* [DESCRIPTION OF THE TASK]: Keeping each line exactly as it is, output all of the records.

╭─ RECORDED DATA

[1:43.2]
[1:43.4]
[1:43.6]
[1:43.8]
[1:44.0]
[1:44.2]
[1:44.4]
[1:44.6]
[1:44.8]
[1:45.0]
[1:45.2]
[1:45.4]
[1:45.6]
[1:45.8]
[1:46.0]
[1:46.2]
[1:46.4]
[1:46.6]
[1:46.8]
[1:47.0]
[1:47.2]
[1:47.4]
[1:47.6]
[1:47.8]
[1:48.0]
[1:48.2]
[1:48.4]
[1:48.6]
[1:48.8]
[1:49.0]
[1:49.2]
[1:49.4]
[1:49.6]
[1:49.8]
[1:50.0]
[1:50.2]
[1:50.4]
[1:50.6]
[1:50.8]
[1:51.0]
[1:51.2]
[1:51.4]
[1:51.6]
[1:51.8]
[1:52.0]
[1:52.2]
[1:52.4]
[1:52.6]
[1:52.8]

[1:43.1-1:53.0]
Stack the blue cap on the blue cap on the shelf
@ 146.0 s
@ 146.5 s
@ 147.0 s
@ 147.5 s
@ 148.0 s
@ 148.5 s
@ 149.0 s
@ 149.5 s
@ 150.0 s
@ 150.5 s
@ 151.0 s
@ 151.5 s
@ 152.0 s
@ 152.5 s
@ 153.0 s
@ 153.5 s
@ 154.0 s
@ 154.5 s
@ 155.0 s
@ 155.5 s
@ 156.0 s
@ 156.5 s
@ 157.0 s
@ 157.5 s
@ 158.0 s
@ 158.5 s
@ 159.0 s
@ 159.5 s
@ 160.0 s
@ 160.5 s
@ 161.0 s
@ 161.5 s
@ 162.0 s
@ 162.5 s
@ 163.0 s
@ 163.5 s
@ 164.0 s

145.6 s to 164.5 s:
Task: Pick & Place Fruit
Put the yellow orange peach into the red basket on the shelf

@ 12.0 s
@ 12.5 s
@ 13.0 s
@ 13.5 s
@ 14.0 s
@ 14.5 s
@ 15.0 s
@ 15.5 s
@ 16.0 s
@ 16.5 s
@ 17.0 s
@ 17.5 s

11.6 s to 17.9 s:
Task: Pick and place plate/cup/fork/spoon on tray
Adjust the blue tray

╰─

* [RESULT]:
[1:43.2]
[1:43.4]
[1:43.6]
[1:43.8]
[1:44.0]
[1:44.2]
[1:44.4]
[1:44.6]
[1:44.8]
[1:45.0]
[1:45.2]
[1:45.4]
[1:45.6]
[1:45.8]
[1:46.0]
[1:46.2]
[1:46.4]
[1:46.6]
[1:46.8]
[1:47.0]
[1:47.2]
[1:47.4]
[1:47.6]
[1:47.8]
[1:48.0]
[1:48.2]
[1:48.4]
[1:48.6]
[1:48.8]
[1:49.0]
[1:49.2]
[1:49.4]
[1:49.6]
[1:49.8]
[1:50.0]
[1:50.2]
[1:50.4]
[1:50.6]
[1:50.8]
[1:51.0]
[1:51.2]
[1:51.4]
[1:51.6]
[1:51.8]
[1:52.0]
[1:52.2]
[1:52.4]
[1:52.6]
[1:52.8]

[1:43.1-1:53.0]
Stack the blue cap on the blue cap on the shelf
@ 146.0 s
@ 146.5 s
@ 147.0 s
@ 147.5 s
@ 148.0 s
@ 148.5 s
@ 149.0 s
@ 149.5 s
@ 150.0 s
@ 150.5 s
@ 151.0 s
@ 151.5 s
@ 152.0 s
@ 152.5 s
@ 153.0 s
@ 153.5 s
@ 154.0 s
@ 154.5 s
@ 155.0 s
@ 155.5 s
@ 156.0 s
@ 156.5 s
@ 157.0 s
@ 157.5 s
@ 158.0 s
@ 158.5 s
@ 159.0 s
@ 159.5 s
@ 160.0 s
@ 160.5 s
@ 161.0 s
@ 161.5 s
@ 162.0 s
@ 162.5 s
@ 163.0 s
@ 163.5 s
@ 164.0 s

145.6 s to 164.5 s:
Task: Pick & Place Fruit
Put the yellow orange peach into the red basket on the shelf

@ 12.0 s
@ 12.5 s
@ 13.0 s
@ 13.5 s
@ 14.0 s
@ 14.5 s
@ 15.0 s
@ 15.5 s
@ 16.0 s
@ 16.5 s
@ 17.0 s
@ 17.5 s

11.6 s to 17.9 s:
Task: Pick and place plate/cup/fork/spoon on tray
Adjust the blue tray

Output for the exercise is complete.